[RECORDS TO PROCESS Boundary: Start]

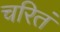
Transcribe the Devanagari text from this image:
चरितं
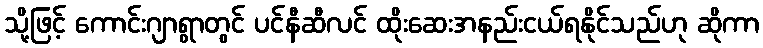
သို့ဖြင့် ကောင်းဂျာရွာတွင် ပင်နီဆီလင် ထိုးဆေးအနည်းငယ်ရနိုင်သည်ဟု ဆိုကာ
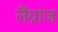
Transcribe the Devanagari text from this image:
लैंग्रांज
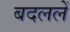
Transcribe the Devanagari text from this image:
बदललें
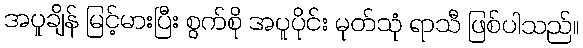
အပူချိန် မြင့်မားပြီး စွက်စို အပူပိုင်း မုတ်သုံ ရာသီ ဖြစ်ပါသည်။
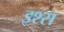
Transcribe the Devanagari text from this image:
इश्स
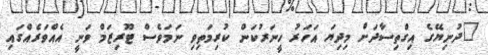
"ދުނިޔޭގެ އިގްތިސާދަށް މިދިޔަ އަހަރު ހީނަރުކަން ކުރިމަތިވި ނަމަވެސް ޓޫރިޒަމް ވަނީ އެއްވަރެއްގައި
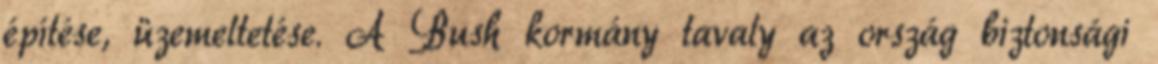
építése, üzemeltetése. A Bush kormány tavaly az ország biztonsági
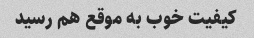
کیفیت خوب به موقع هم رسید
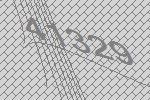
41329
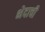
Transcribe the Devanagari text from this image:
भेदाची
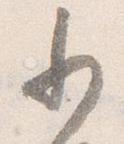
少
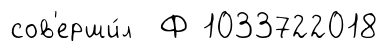
сов'ерши́л Ф 1033722018
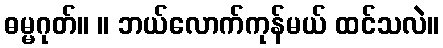
ဓမ္မဂုတ်။ ။ ဘယ်လောက်ကုန်မယ် ထင်သလဲ။
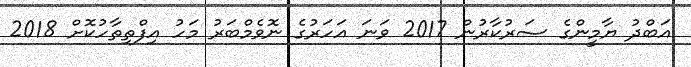
އަބްދު ޔާމީންގެ ސަރުކާރުން 2017 ވަނަ އަހަރުގެ ނޮވެމްބަރު މަހު އިފްތިތާހުކޮށް 2018
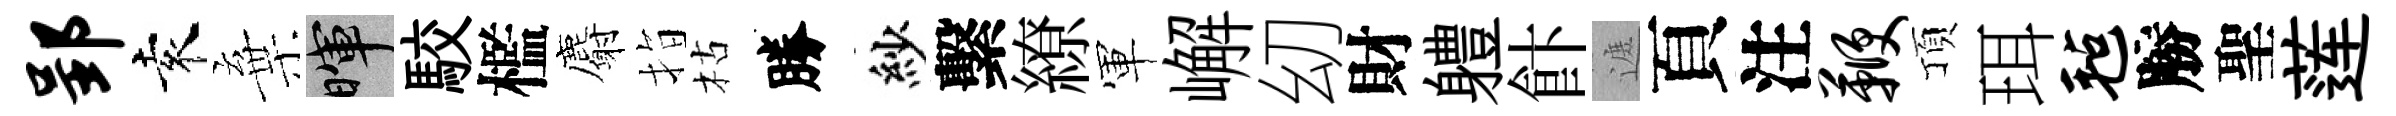
郢袁棄暉駮檻麝指枯勝紗繫繚軍嶰㓜財軆飰遮頁注鞭頂珥毡勝聖莲
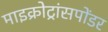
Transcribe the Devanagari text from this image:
माइक्रोट्रांसपोंडर
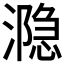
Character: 𰝋
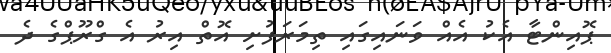
ޕޮއިންޓާ އެކު އެއް ވަނައިގައި ތިމަރަފުށި އޮތް އިރު އެ ގްރޫޕްގެ ދެ
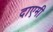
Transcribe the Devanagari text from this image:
दाएमी
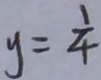
y = \frac { 1 } { 4 }
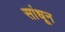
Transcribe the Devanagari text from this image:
सांधून
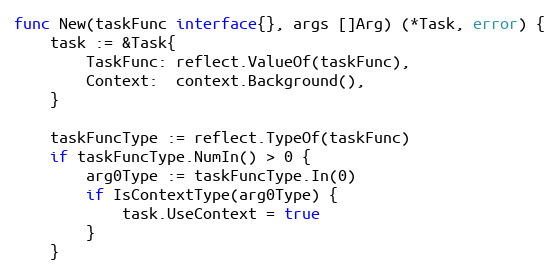
Language: Go
func New(taskFunc interface{}, args []Arg) (*Task, error) {
	task := &Task{
		TaskFunc: reflect.ValueOf(taskFunc),
		Context:  context.Background(),
	}

	taskFuncType := reflect.TypeOf(taskFunc)
	if taskFuncType.NumIn() > 0 {
		arg0Type := taskFuncType.In(0)
		if IsContextType(arg0Type) {
			task.UseContext = true
		}
	}
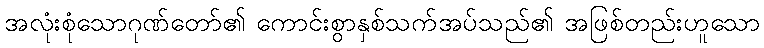
အလုံးစုံသောဂုဏ်တော်၏ ကောင်းစွာနှစ်သက်အပ်သည်၏ အဖြစ်တည်းဟူသော
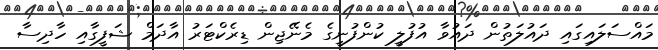
މައްސަލައިގައި ދައުލަތުން ދައުވާ އުފުލީ ކުންފުނީގެ މެނޭޖިން ޑިރެކްޓަރު އާދަމް ޝަފީގާއި ހާދިސާ
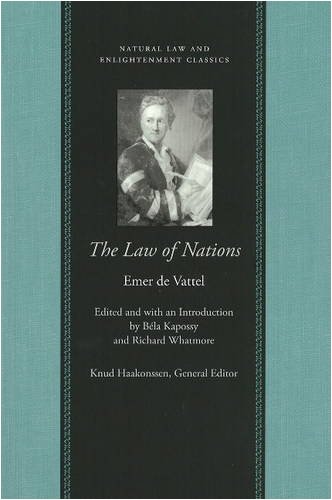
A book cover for The Law of Nations; Emer de Vattel; Law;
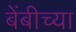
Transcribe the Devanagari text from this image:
बेंबीच्या
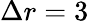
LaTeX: \Delta r=3
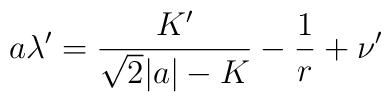
a\lambda'=\frac{K'}{\sqrt{2}|a|-K}-\frac{1}{r}+\nu'
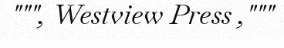
""", Westview Press ,"""
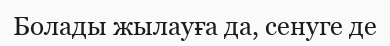
Болады жылауға да, сенуге де
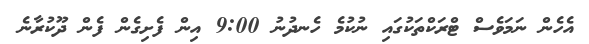
އެހެން ނަމަވެސް ޓްރަކްތަކުގައި ނުކުމެ ހެނދުނު 9:00 އިން ފެށިގެން ފެން ދޫކުރާނެ
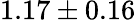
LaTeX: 1.17\pm 0.16
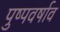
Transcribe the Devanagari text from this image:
पुष्पवर्षाव
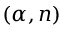
( \alpha , n )
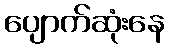
ပျောက်ဆုံးနေ
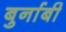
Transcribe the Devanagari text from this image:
बुर्नाबी
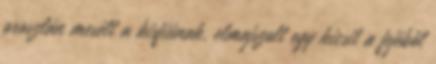
oroszlán mesélt a kisfiúnak, elmajszolt egy kicsit a fejéből
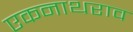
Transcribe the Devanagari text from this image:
एकनाथराव
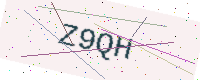
Text: Z9QH
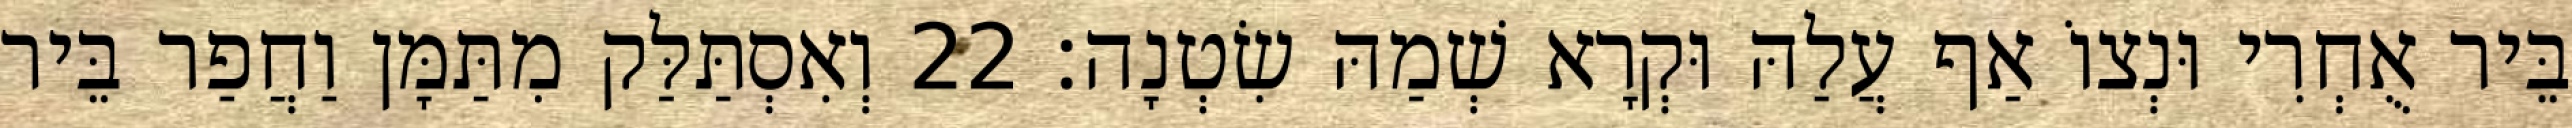
בֵּיר אֻחְרִי וּנְצוֹ אַף עֲלַהּ וּקְרָא שְׁמַהּ שִׂטְנָה׃ 22 וְאִסְתַּלַּק מִתַּמָּן וַחֲפַר בֵּיר
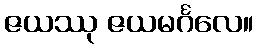
ဇယဿု ဇယမင်္ဂလေ။
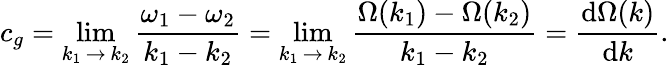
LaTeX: c_{g}=\operatorname*{lim}_{k_{1}\, \to\, k_{2}}{\frac{\omega_{1}-\omega_{2}}{k_{1}-k_{2}}}=\operatorname*{lim}_{k_{1}\, \to\, k_{2}}{\frac{\Omega(k_{1})-\Omega(k_{2})}{k_{1}-k_{2}}}={\frac{{\mathrm{d}}\Omega(k)}{{\mathrm{d}}k}}.
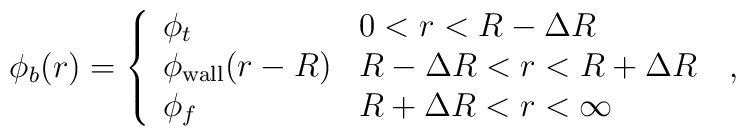
\phi_b(r)=\left\{\begin{array}{ll} \phi_t & \mbox{$0<r<R-\Delta R$} \\\phi_{\rm wall}(r-R) & \mbox{$R-\Delta R<r<R+\Delta R$} \\\phi_f & \mbox{$R+\Delta R<r<\infty$}\end{array} \right. \;,
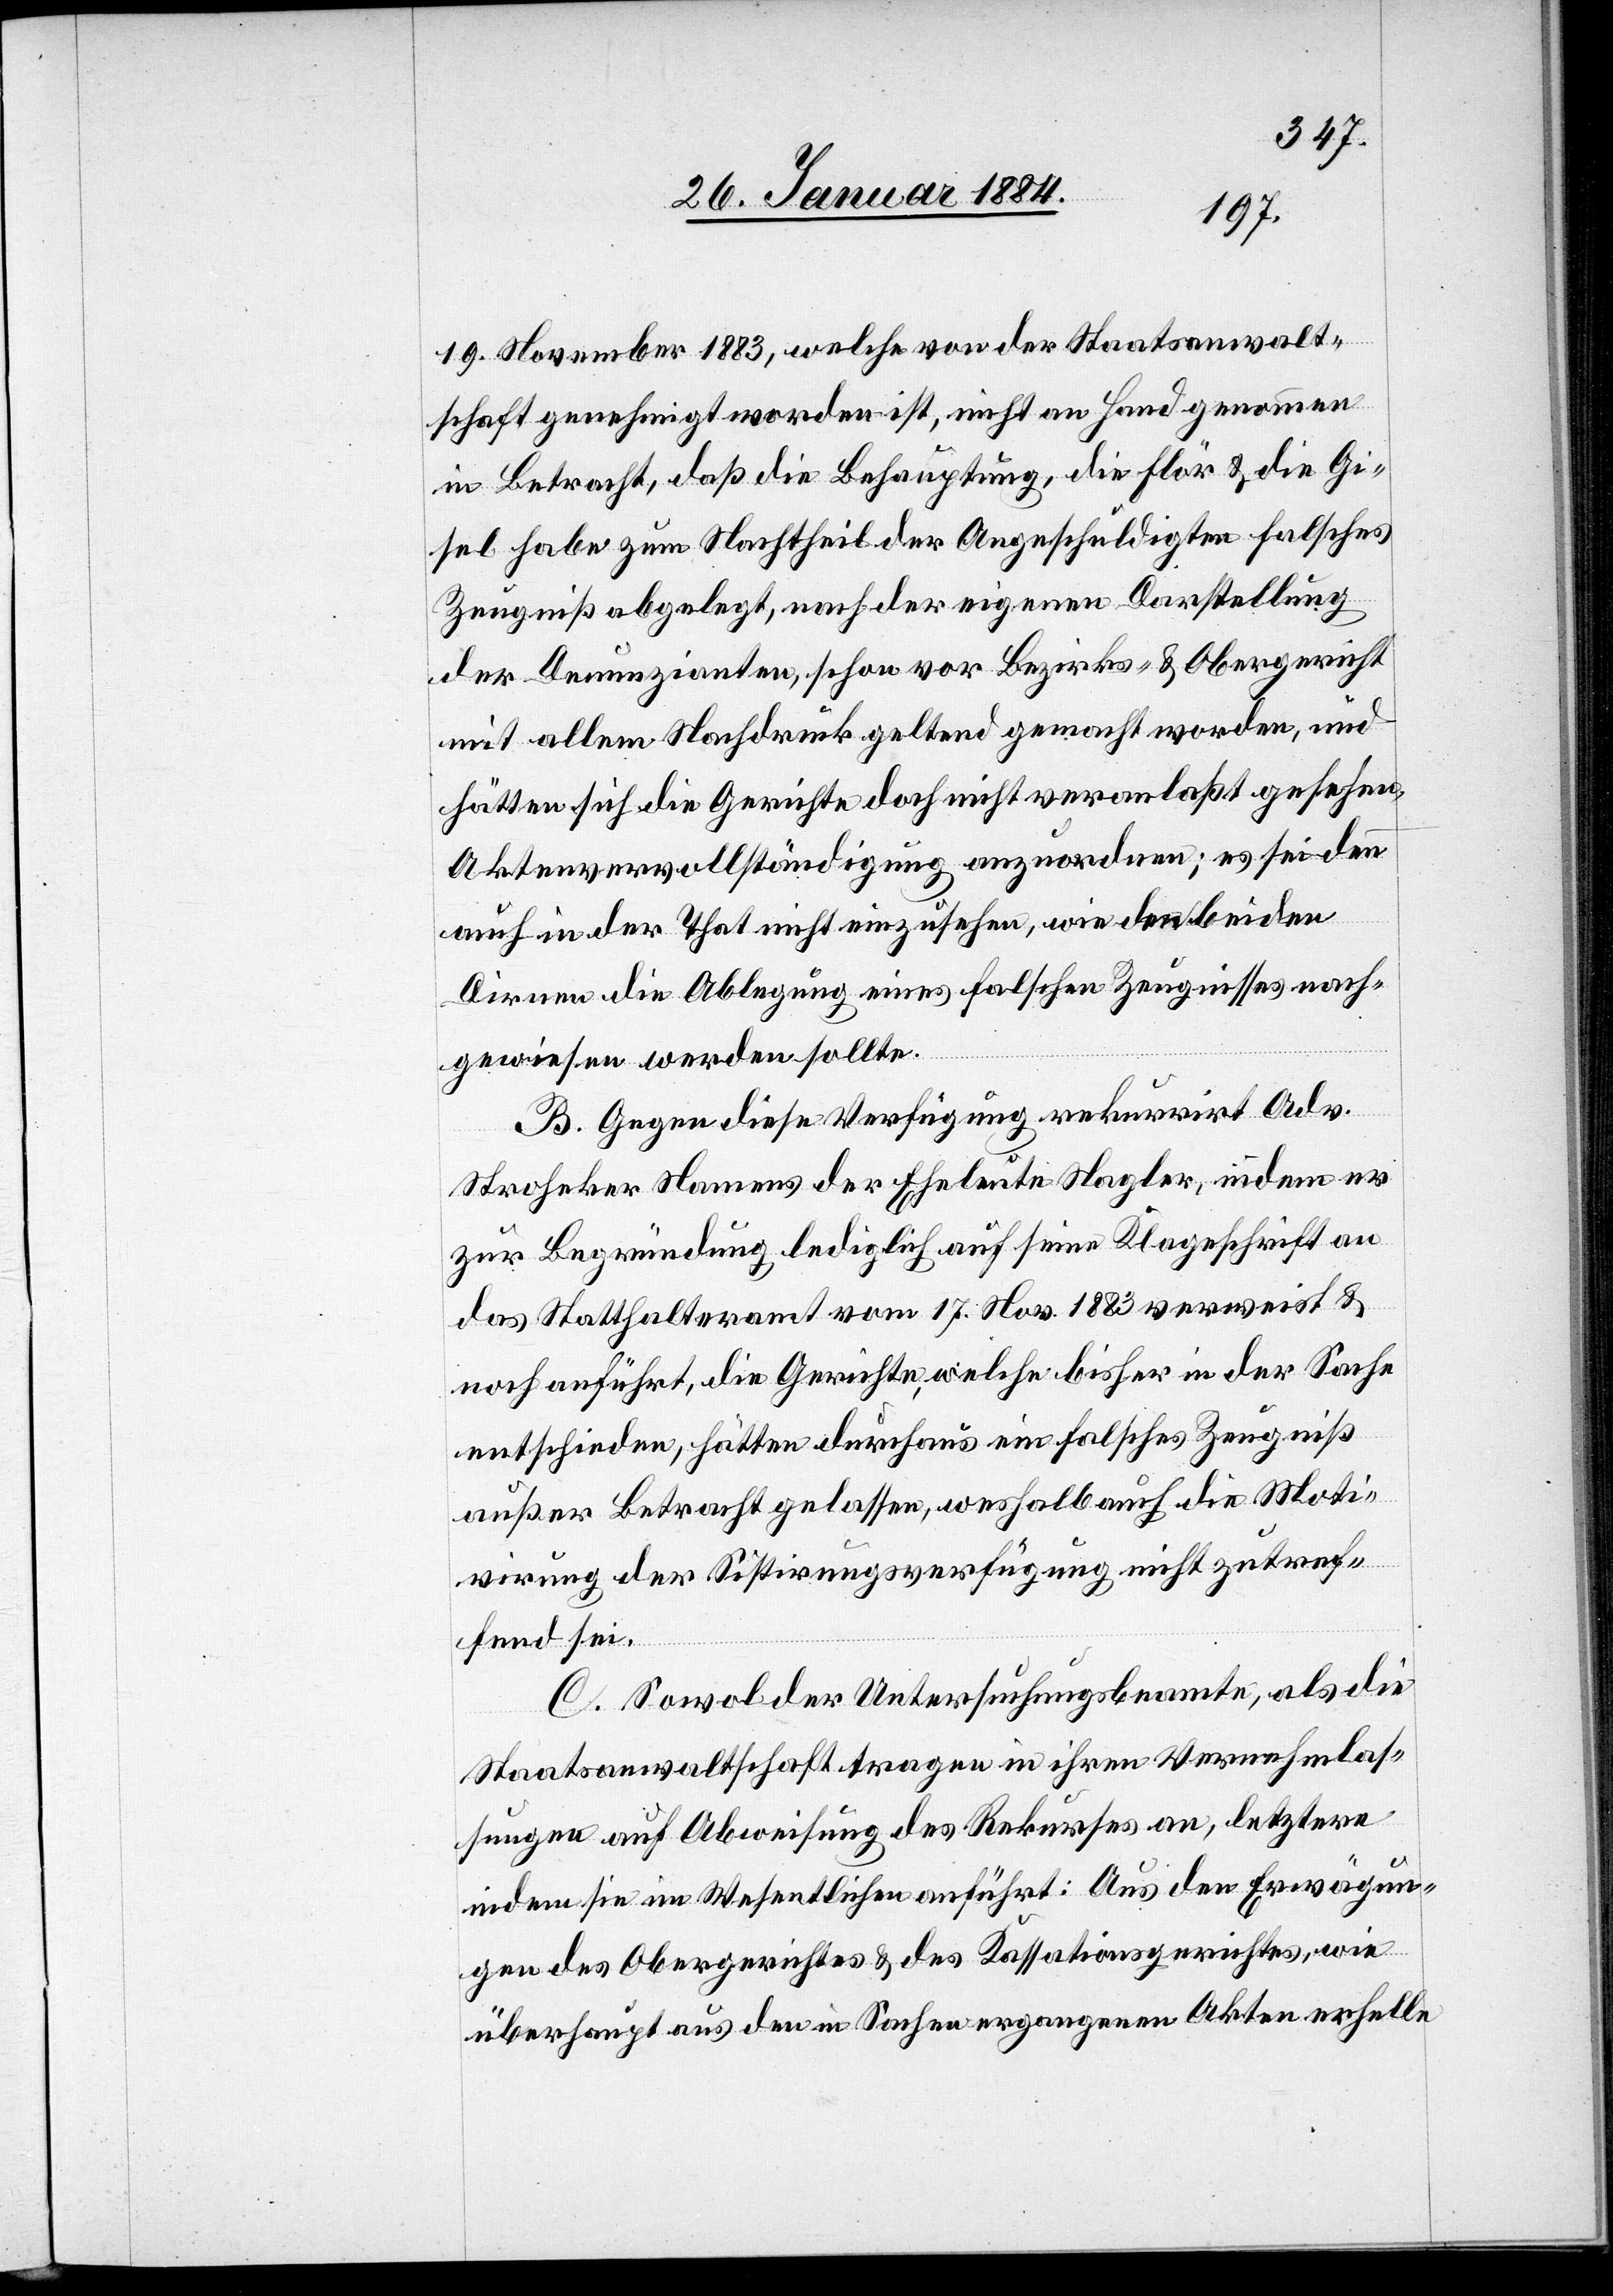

[RECORDS TO PROCESS Boundary: End]

▸ TASK REQUIREMENTS:
Omit the pictures and print again exactly the lines from the one with "A book cover" through the final line of the entries, both ends included.

▸ SOLUTION TO THE PROBLEM:
A book cover for The Law of Nations; Emer de Vattel; Law;
Transcribe the Devanagari text from this image:
बेंबीच्या
LaTeX: \Delta r=3
a\lambda'=\frac{K'}{\sqrt{2}|a|-K}-\frac{1}{r}+\nu'
""", Westview Press ,"""
Болады жылауға да, сенуге де
އެހެން ނަމަވެސް ޓްރަކްތަކުގައި ނުކުމެ ހެނދުނު 9:00 އިން ފެށިގެން ފެން ދޫކުރާނެ
LaTeX: 1.17\pm 0.16
Transcribe the Devanagari text from this image:
पुष्पवर्षाव
( \alpha , n )
ပျောက်ဆုံးနေ
Transcribe the Devanagari text from this image:
बुर्नाबी
oroszlán mesélt a kisfiúnak, elmajszolt egy kicsit a fejéből
Transcribe the Devanagari text from this image:
एकनाथराव
Text: Z9QH
בֵּיר אֻחְרִי וּנְצוֹ אַף עֲלַהּ וּקְרָא שְׁמַהּ שִׂטְנָה׃ 22 וְאִסְתַּלַּק מִתַּמָּן וַחֲפַר בֵּיר
ဇယဿု ဇယမင်္ဂလေ။
LaTeX: c_{g}=\operatorname*{lim}_{k_{1}\, \to\, k_{2}}{\frac{\omega_{1}-\omega_{2}}{k_{1}-k_{2}}}=\operatorname*{lim}_{k_{1}\, \to\, k_{2}}{\frac{\Omega(k_{1})-\Omega(k_{2})}{k_{1}-k_{2}}}={\frac{{\mathrm{d}}\Omega(k)}{{\mathrm{d}}k}}.
\phi_b(r)=\left\{\begin{array}{ll} \phi_t & \mbox{$0<r<R-\Delta R$} \\\phi_{\rm wall}(r-R) & \mbox{$R-\Delta R<r<R+\Delta R$} \\\phi_f & \mbox{$R+\Delta R<r<\infty$}\end{array} \right. \;,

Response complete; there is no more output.